Mayor welcomes borough volunteers with Royal Honour

The Mayor of Dudley welcomed two volunteer organisations, which have received Royal commendations, to the Council House Parlour today.

Volunteers from Halesowen and Dudley Yemeni Community Association and Hawbush Community Gardens have received the prestigious Queen’s Award for Voluntary Service for their work. The Mayor of Dudley Councillor Sue Greenaway said:

"It’s been a great joy to welcome these outstanding volunteers today and to hear more about the fantastic work they undertake.

"Our borough is full of kind-hearted and community focused citizens and it’s great to find out how these two projects are making such a difference to people’s lives."

The Halesowen/Dudley Yemeni Community Association fulfils an important role in supporting the Yemeni community across the Halesowen and Dudley areas. Volunteers offer Arabic-speaking services to Arabic speaking refugees and asylum-seekers from Syria, Iraq and Yemen.

People using the centre are offered advice and guidance and there are good links with services locally to help people gain access to much needed support. The facility also provides cultural activities and educational classes, as well as excursions and acts as a meeting point for groups to socialise. Marwan Bakaili, Chairman of the association, said:

"We have a team of incredibly dedicated and hard-working volunteers and are honoured and humbled to have been selected for the Queen’s Award for Voluntary Service.

"The association has grown each year, providing a wide area of services and activities covering education, health, employment and recreation to meet the increasing demands of the local community.

"The Queen’s award is a recognition and a testament to the incredible hard work of our volunteers who are the solid foundation of our organisation."

Meeting the Mayor today and sharing about the work we undertake was an immense privilege and we look forward to continuing to work with Dudley Council in the future.

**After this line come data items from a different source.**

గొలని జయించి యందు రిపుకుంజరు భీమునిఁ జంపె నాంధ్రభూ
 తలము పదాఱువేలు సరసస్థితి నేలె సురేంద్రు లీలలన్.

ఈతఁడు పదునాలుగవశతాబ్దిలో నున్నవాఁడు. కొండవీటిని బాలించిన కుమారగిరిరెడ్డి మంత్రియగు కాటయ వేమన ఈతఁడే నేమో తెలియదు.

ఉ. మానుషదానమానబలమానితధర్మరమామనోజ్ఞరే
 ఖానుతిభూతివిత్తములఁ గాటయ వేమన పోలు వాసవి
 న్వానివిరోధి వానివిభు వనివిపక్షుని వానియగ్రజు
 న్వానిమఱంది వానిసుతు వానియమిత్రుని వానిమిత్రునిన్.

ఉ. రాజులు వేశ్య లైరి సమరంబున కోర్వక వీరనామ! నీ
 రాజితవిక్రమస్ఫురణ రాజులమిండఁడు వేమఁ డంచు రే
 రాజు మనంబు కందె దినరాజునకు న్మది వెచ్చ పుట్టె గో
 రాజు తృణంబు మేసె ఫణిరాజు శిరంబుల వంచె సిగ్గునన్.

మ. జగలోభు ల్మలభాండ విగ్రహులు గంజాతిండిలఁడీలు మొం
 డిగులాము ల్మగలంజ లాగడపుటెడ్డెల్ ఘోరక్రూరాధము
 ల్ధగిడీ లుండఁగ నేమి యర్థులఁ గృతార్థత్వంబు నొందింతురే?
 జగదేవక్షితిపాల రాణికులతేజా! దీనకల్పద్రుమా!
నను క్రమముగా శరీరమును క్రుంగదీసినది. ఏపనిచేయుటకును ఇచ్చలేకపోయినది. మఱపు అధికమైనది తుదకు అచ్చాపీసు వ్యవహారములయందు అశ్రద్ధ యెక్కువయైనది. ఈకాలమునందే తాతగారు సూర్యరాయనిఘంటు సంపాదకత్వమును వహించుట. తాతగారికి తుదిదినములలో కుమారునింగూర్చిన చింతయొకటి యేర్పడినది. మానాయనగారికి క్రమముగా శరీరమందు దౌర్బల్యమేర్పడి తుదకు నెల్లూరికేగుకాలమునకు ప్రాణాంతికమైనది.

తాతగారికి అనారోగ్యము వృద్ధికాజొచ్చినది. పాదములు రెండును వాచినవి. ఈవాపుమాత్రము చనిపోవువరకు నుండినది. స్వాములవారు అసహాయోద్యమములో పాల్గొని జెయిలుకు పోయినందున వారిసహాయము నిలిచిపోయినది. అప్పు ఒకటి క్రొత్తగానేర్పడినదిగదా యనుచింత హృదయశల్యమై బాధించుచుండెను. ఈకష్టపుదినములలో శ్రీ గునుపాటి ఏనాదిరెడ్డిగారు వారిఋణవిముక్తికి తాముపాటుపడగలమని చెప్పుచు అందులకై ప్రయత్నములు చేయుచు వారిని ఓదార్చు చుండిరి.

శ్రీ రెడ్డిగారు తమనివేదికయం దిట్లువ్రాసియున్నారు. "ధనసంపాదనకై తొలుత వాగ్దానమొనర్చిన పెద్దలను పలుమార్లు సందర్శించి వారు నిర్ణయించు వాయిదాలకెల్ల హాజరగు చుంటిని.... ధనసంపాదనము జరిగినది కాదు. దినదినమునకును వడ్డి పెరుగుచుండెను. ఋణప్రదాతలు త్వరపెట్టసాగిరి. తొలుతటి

The Mayor also met award winners from Hawbush Community Gardens. Based in Brierley Hill, the project has worked with the local community to transform a four-acre piece of overgrown scrub land into a vibrant community hub that is home to many local projects.

Volunteers have made the space a focus for many local regeneration and arts projects and classes in growing fruit and vegetables, horticulture, woodwork, social art and forest crafts are offered to people with mental and anxiety issues. Dr Ken Smith, Chair of Trustees and Site Manager at Hawbush, said:

"I think I speak for all of the volunteers in saying that it has been a privilege and a pleasure to be involved in this beautiful site and the people we support. What started out as a plan to grow fresh fruit and vegetables for the foodbank has become so much more.

"We now provide social gardening and woodland space for people who need emotional, physical and spiritual support.

"The work has been challenging and difficult, at times, so it was a wonderful surprise to be considered for the Queens Award and a real encouragement for us now to receive the award.

"It is our heartfelt desire, our dream that Hawbush Community Gardens continues to be a wonderful asset for the community many years from now; well after we ourselves have moved on or passed away."